Hace bien mudarse de casa, de ventana,
arreglar de otra manera las ilusiones,
tratar de cosas puras como tintas
y sillones, poner el orden entre los libros
y la vida, simular la libertad.
Nos parece posible volver a creer
en la mano que nos extiende un pie de perejil,
en la bargaña de la belleza, cuando pasa
en el poniente de la razón.
Nos apetece cometer una locura,
comprar un telescopio, memorizar
el canto noveno de los Lusíadas,
subir unas escaleras al revés,
pensar que nunca más tendremos frío.


José Miguel Silva, Ulisses já não mora aqui, 2002.
Traducción: Ellen Maria

16.6.15

Generación

"La madurez?
- esa posibilidad de acertar en lo correcto
comprender que ya basta de equivocarse-:
no es posible."

***

A maturidade?
- essa possibilidade de acertar em cheio
compreender que já chega de se equivocar - :
não é possível.

Carlos Martínez Rentería
Tradução: Ellen Maria

24.5.15

Signo

"Cuando ya no hay qué
decir, decirlo. Dar
una carencia, un hueco en la conversación,
un vacío de verdad: la flor,
no la idea, es la diosa de ahí."

***

Quando já não há que
dizer, dizê-lo.
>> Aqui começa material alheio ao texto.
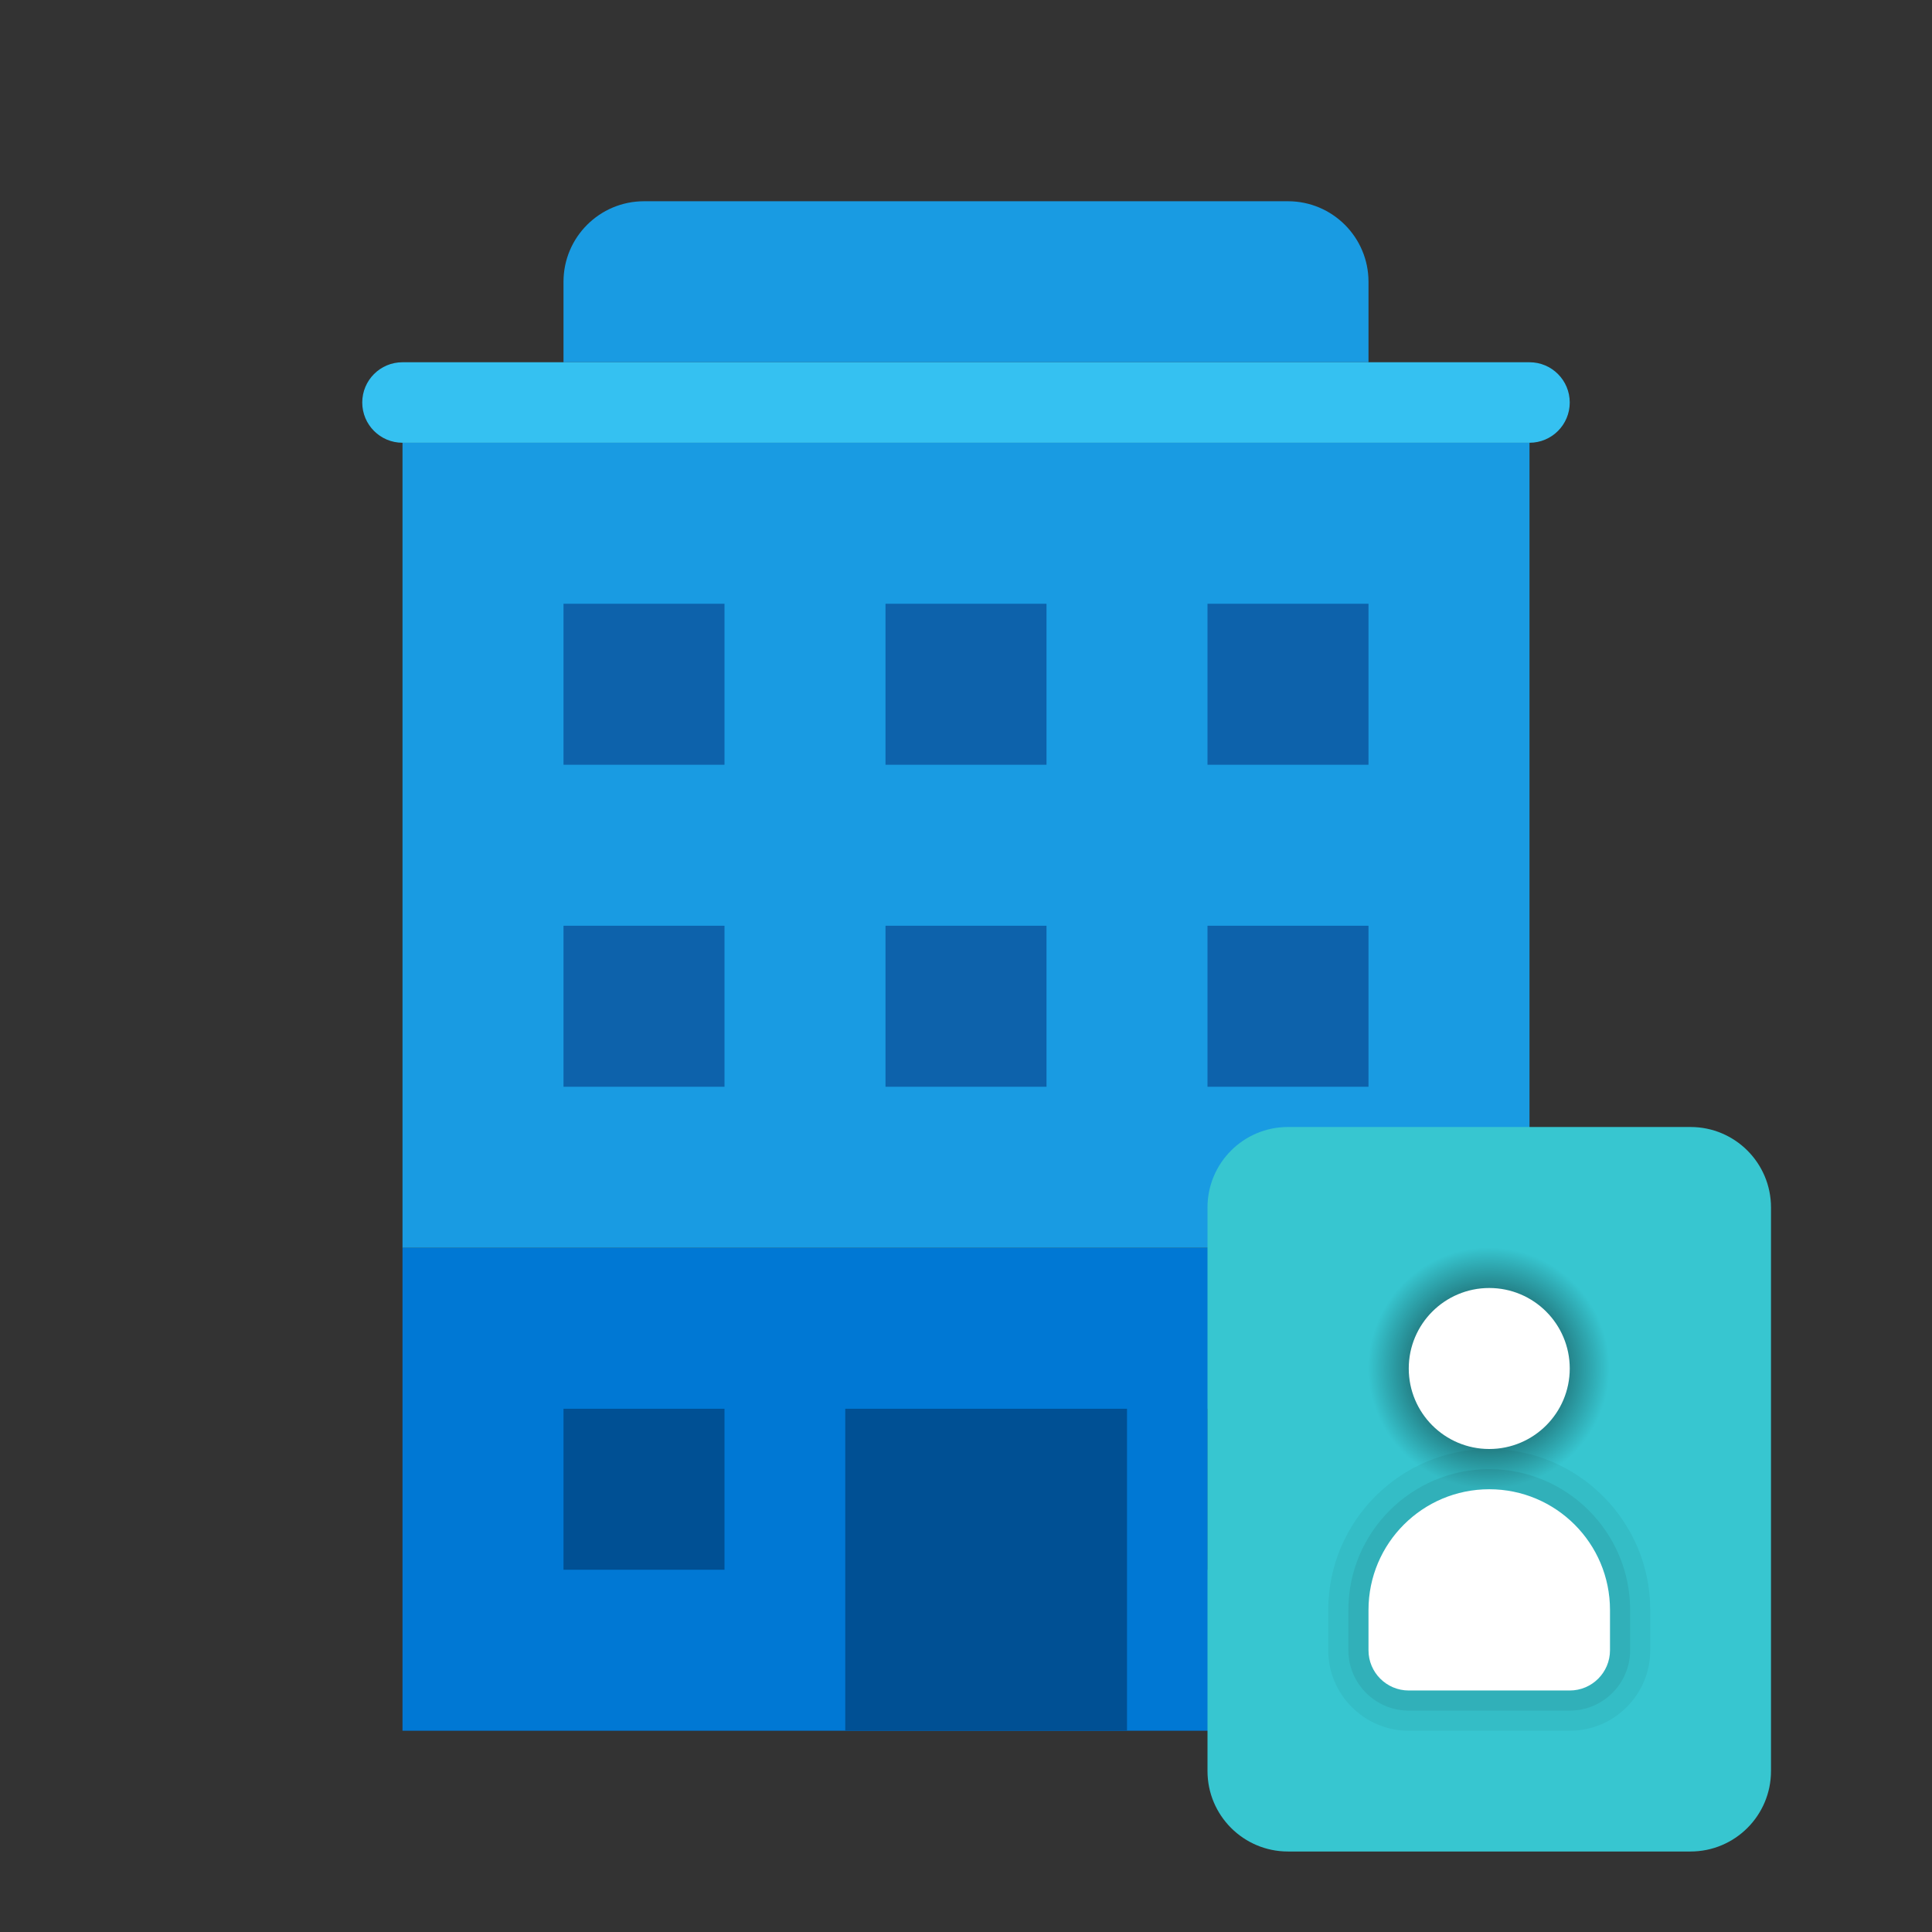 <svg xmlns="http://www.w3.org/2000/svg"  viewBox="0 0 48 48" width="48px" height="48px"><rect x="0" y="0" width="48" height="48" fill="#333333" stroke="none"/><rect width="28" height="12" x="10" y="31" fill="#0078d4"/><path fill="#199be2" d="M14,9h20V7c0-1.104-0.896-2-2-2H16c-1.104,0-2,0.896-2,2V9z"/><path fill="#199be2" d="M10,11v20h28V11H10z"/><rect width="4" height="4" x="30" y="35" fill="#005094"/><rect width="7" height="8" x="21" y="35" fill="#005094"/><rect width="4" height="4" x="30" y="23" fill="#0d62ab"/><rect width="4" height="4" x="22" y="23" fill="#0d62ab"/><rect width="4" height="4" x="14" y="15" fill="#0d62ab"/><rect width="4" height="4" x="14" y="23" fill="#0d62ab"/><rect width="4" height="4" x="14" y="35" fill="#005094"/><rect width="4" height="4" x="22" y="15" fill="#0d62ab"/><rect width="4" height="4" x="30" y="15" fill="#0d62ab"/><path fill="#35c1f1" d="M38,11H10c-0.553,0-1-0.448-1-1s0.447-1,1-1h28c0.553,0,1,0.448,1,1S38.553,11,38,11z"/><path fill="#37c6d0" d="M44,44V30c0-1.105-0.895-2-2-2H32c-1.105,0-2,0.895-2,2v14c0,1.105,0.895,2,2,2h10	C43.105,46,44,45.105,44,44z"/><path d="M37,36c-2.206,0-4,1.794-4,4v1c0,1.103,0.897,2,2,2h4c1.103,0,2-0.897,2-2v-1	C41,37.794,39.206,36,37,36z" opacity=".05"/><path d="M37,36.5c-1.93,0-3.5,1.57-3.5,3.5v1c0,0.827,0.673,1.5,1.5,1.5h4c0.827,0,1.5-0.673,1.5-1.5v-1	C40.5,38.07,38.93,36.5,37,36.5z" opacity=".07"/><radialGradient id="jCTHL08EZ~fm8iqdMpjr0a" cx="36.2" cy="33.6" r="3.6" gradientTransform="translate(6.833 6) scale(.833)" gradientUnits="userSpaceOnUse"><stop offset="0"/><stop offset="1" stop-opacity="0"/></radialGradient><circle cx="37" cy="34" r="3" fill="url(#jCTHL08EZ~fm8iqdMpjr0a)"/><path fill="#fff" d="M37,37c-1.657,0-3,1.343-3,3v1c0,0.552,0.448,1,1,1h4c0.552,0,1-0.448,1-1v-1	C40,38.343,38.657,37,37,37z"/><circle cx="37" cy="34" r="2" fill="#fff"/></svg>

Dar
uma carência, um vácuo na conserva,
um vazio de verdade: a flor,
não a ideia, é a deusa dali.

Eduardo Milán
Tradução: Ellen Maria

16.4.15

Resumen / Resumo

"Mis años sin ti se resumen:
comer macaronis and cheese
carne congelada
dunkin' donuts cuando cruzo a San Ysidro
lavar ropa sólo los domingos
ir a la librería
espiar a la vecina.
Mis días sin ti:
sucesión de imágenes nuestras por madrugada
la boda que nunca llegó
tu padre bebiendo vino
mi cuerpo sobre el tuyo
tus cabellos en mi rostro.
Mis horas:
lecturas interminables
chicas que aparecen y se van
jamás volver a pisar una sala de cine
ver el deterioro de mi cuerpo.
Y así
hasta encontrarte."

***

Meus anos sem você se resumem a:
comer miojo com queijo
carne congelada
dunkin' donuts quando cruzo San Ysidro
lavar roupa só aos domingos
ir à livraria
espiar à vizinha.
Meus dias sem você:
sucessão de imagens nossas pela madrugada
o casamento que não chegou nunca
seu pai bebendo vinho
meu corpo sobre o seu
seus cabelos na minha cara.
Minhas horas:
leituras intermináveis
garotas que vêm e vão
jamais pisar numa sala de cinema
ver a deterioração de meu corpo.
E assim
até te encontrar.


Jesús García Mora
Tradução: Ellen Maria

10.4.15

NFL

"Jamás aprendí a defender _ siempre en offside
siempre queriendo adelantar líneas
con esperanza de saciar esta ansiedad que aprieta mis tachones.
Así como en el amor luché por cada balón suelto
por cada despedida
arriesgando el cuerpo
mi sexo que se raspa sobre nieve.
Volé más de tres veces y nunca te alcancé
siempre me gustó ser el último
el que te espera a pesar de que el juego ha terminado."

**

Nunca aprendi a defender _ sempre em offside
sempre querendo adiantar linhas
com a esperança de saciar essa ansiedade que comprime minhas rasuras.
Assim como no amor lutei por cada bola livre
por cada despedida
arriscando o corpo
meu sexo que se raspa sobre a neve.
Voei mais de três vezes e nunca te alcancei
sempre gostei de ser o último
o que te espera apesar do fim do jogo.